Last year, the fantasy world was aflame with discussion about a certain novel from acclaimed author John Gwynne, best known for his The Faithful and the Fallen series and its sequel Of Blood and Bone trilogy. While I wasn’t initially intending to check this book out, the sheer amount of positive feedback and reviews convinced me that I was clearly missing out, so I grabbed a copy and ended up being deeply impressed by the elaborate fantasy saga it contained. That novel was The Shadow of the Gods, a Norse inspired dark fantasy tale that saw three intriguing protagonists explore a deadly new fantasy world wrecked by the last battle of the dead gods, and filled with monsters, warbands and powered humans tainted by the divine ancestors. I had an exceptional time with this great book, which really met all my expectations and ended up being one of my favourite books and audiobooks of 2021 (it also topped my favourite new-to-me authors list and best covers of 2021 list, it was just that damn awesome). I deeply enjoyed the fantastic and elaborate tale this novel contained, and I could not wait to see how it would be continued. As such, when I received a copy of the sequel, The Hunger of the Gods, which featured another awesome fantasy cover and plot synopsis, I immediately started reading it and was once again thrust into world of gods and heroes.
The dread dragon god, Lik-Rifa the soul-stealer, has been released from her ancient tomb and now all of Vigrid lies in peril. Determined to unleash a new era of blood, death and conquest upon the lands, Lik-Rifa immediately begins to gather around her horde of Tainted warriors, including her own descendants, the dragon-born, terrible monsters and a cult of followers, all slaved to her will. Hope looks bleak, especially as the warring human kingdoms remain unaware that Lik-Rifa is free and about to unleash fresh horrors upon them.
Amongst this chaos, the deadly Orka continues her hunt for her stolen son, taken by Lik-Rifa’s followers. Now revealed as the legendary and infamous warrior, the Skullsplitter, Orka will not rest until she has her son and her vengeance, no matter the obstacles. While Orka continues her quest, her former warband of secretly Tainted warriors, the Bloodsworn, head south, determined to rescue one of their members, while their newest initiate, Varg, continues his attempts to find vengeance for his sister. Meanwhile, Elvar is forced to fulfil the blood oath she took to rescue another child from the dragonborn, and needs to convince her now leaderless warband, the Battle-Grim, to follow her.
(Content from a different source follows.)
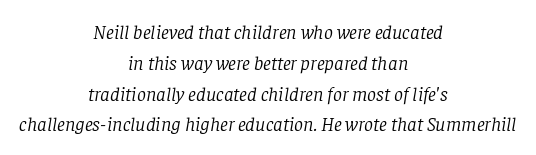
Leading matches the norm, producing a regular column. Tracking here is standard; glyphs follow each other at the usual distance. No word sits above an underline. If you drew a line through each stem, it would be angled. The characters are drawn with everyday or finer stroke widths. The rendering positions every line midway between the sides.

As these brave warriors each take their own steps to destiny, they will all face dangerous challenges and horrendous odds. Orka will need to come to grips with the wolf lying deep in her heart as she attempts the impossible: defying a god. Varg and the Bloodsworn will travel to a distant land to achieve their goals, only to meet tragedy and loss. Elvar finally attempts to claim the responsibility of leadership that she has always desired. However, despite all their bravery and skill in arms, none of these heroes are going to be capable of fighting Lik-Rifa directly. Instead, Elvar and her company will attempt a desperate plan, using forbidden magic to bring a dead god to life and bind it to their will.
Wow oh wow, what an incredible and awesome read. Gwynne continues to showcase why he is one of the best current authors of fantasy fiction with The Hunger of the Gods, which perfectly continues the impressive Bloodsworn Saga in a big way. Featuring tons of bloody action, impressive new fantasy elements, complex characters, and a powerful and elaborate narrative that is the very definition of epic, The Hunger of the Gods was another five-star read from Gwynne that is easily one of the better books I have read so far this year.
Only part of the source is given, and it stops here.